Specifically, this paper investigates the following overarching research question: “Can the linguistic and logical properties associated with LLM-generated explanations be used to qualify the models’ reasoning process?”. To this end, we propose an interpretable framework inspired by philosophical accounts of abductive inference, also known as Inference to the Best Explanation (IBE) - i.e. the process of selecting among competing explanatory theories Lipton (2017). In particular, we aim to measure the extent to which LLM-generated explanations conform to IBE expectations when attempting to identify the most plausible explanation. To this end, we present IBE-Eval, a framework designed to estimate the plausibility of natural language explanations through a set of explicit logical and linguistic features, namely: logical consistency, parsimony, coherence, and linguistic uncertainty.
To evaluate the efficacy of IBE-Eval, we conduct extensive experiments in the multiple-choice Causal Question Answering (CQA) setting. The overall results and contributions of the paper can be summarized as follows:
1. To the best of our knowledge, we are the first to propose an interpretable framework inspired by philosophical accounts on Inference to the Best Explanation (IBE) to automatically assess the quality of natural language explanations.
1. We propose IBE-Eval, a framework that can be instantiated with external tools for the automatic evaluation of LLM-generated explanations and the identification of the best explanation in a multiple-choice CQA setting.
1. We provide empirical evidence that LLM-generated explanations tend to conform to IBE expectations with varying levels of statistical significance correlated to the LLM’s size.
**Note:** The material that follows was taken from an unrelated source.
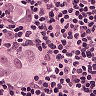
Metastatic tissue present: yes
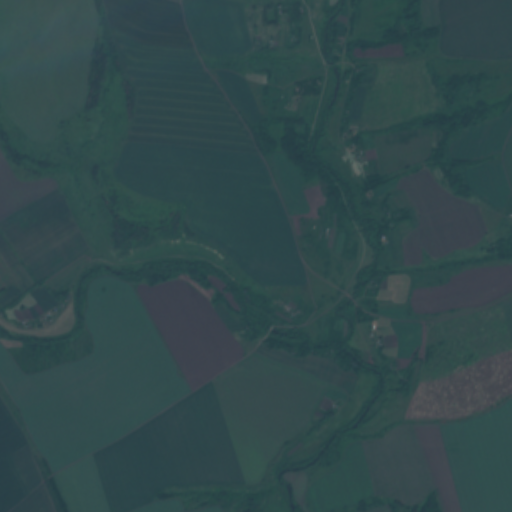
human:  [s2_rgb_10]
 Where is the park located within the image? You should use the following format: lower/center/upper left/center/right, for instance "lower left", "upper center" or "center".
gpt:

1. We additionally find that uncertainty, parsimony, and coherence are the best predictors of plausibility and explanation quality across all LLMs. However, we also find that the LLMs tend to be strong rationalizers and can produce logically consistent explanations even for less plausible candidates, making the consistency metric less effective in practice.
1. IBE-Eval can successfully identify the best explanation supporting the correct answers with up to 77% accuracy (+ $\approx 27\$ above random and + $\approx 17\$ over GPT 3.5-as-a-Judge baselines)
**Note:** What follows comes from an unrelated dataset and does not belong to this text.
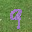
Label: 9
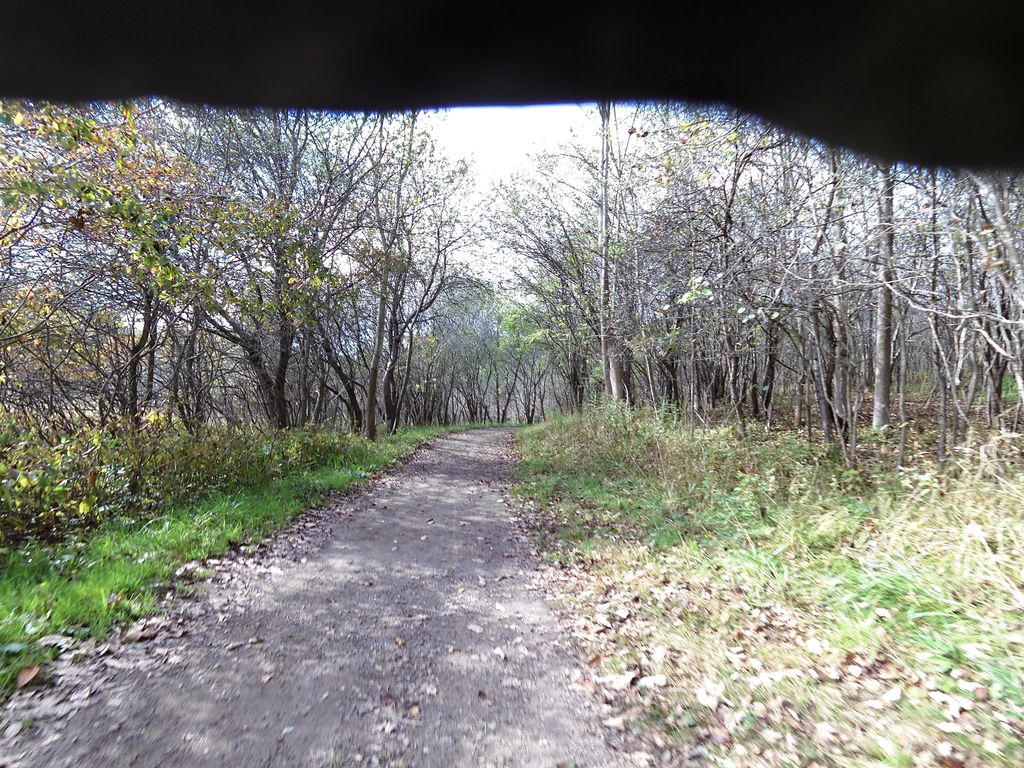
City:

1. IBE-Eval is significantly correlated with human judgment, outperforming a GPT3.5-as-a-Judge baseline in terms of alignment with human preferences.
For reproducibility, our code is made available on Github https://github.com/dhairyadalal/IBE-eval to encourage future research in the field.
## 2 Inference to the Best Explanation (IBE)
Explanatory reasoning is a distinctive feature of human rationality underpinning problem-solving and knowledge creation in both science and everyday scenarios Lombrozo (2012); Deutsch (2011). Accepted epistemological accounts characterize the creation of an explanation as composed of two distinct phases: conjecturing and criticism Popper (2014). The explanatory process always involves a conflict between plausible explanations, which is typically resolved through the criticism phase via a selection process, where competing explanations are assessed according to a set of criteria such as parsimony, coherence, unification power, and hardness to variation Lipton (2017); Harman (1965); Mackonis (2013); Thagard (1978, 1989); Kitcher (1989); Valentino and Freitas (2022).
As LLMs become interfaces for natural language explanations, epistemological frameworks offer an opportunity for developing criticism mechanisms to understand the explanatory process underlying state-of-the-art models. To this end, this paper considers an LLM as a conjecture device producing linguistic objects that can be subject to criticism. In particular, we focus on a subset of criteria that can be computed on explicit linguistic and logical features, namely: consistency, parsimony, coherence, and uncertainty.
To assess the LLM’s alignment to such criteria, we focus on the task of selecting among competing explanations in a multiple-choice CQA setting (Figure 1). Specifically, given a set of competing hypotheses (i.e. the multiple-choice options), $H=\{h_{1},h_{2},\ldots,h_{n}\}$ , we prompt the LLM to generate plausible explanations supporting each hypothesis (Section 3). Subsequently, we adopt the proposed IBE selection criteria to assess the quality of the generated explanations (Section 4). IBE-Eval computes an explanation plausibility score derived from the linear combination of the computed selection criteria. The explanation with the highest score is selected as the predicted answer and additionally assessed as to the extent to which the observable IBE features are correlated with QA accuracy. We hypothesize that IBE-Eval will produce higher scores for the explanation associated with the correct answer and that the IBE criteria should meaningfully differentiate between competing explanations.
## 3 Explanation Generation
For the first stage, the LLM is prompted to generate competing explanations for the hypotheses using a modified Chain-of-Thought (CoT) prompt Wei et al. (2022a). Specifically, the COT prompt is modified to instruct the LLM to produce an explanation for each competing hypothesis (see Figure 1). We adopt a methodology similar to Valentino et al. (2021), where the generated explanation is constrained into an entailment form for the downstream IBE evaluation. In particular, we posit that a valid explanation should demonstrate an entailment relationship between the premise and conclusion which are derived from the question-answer pair.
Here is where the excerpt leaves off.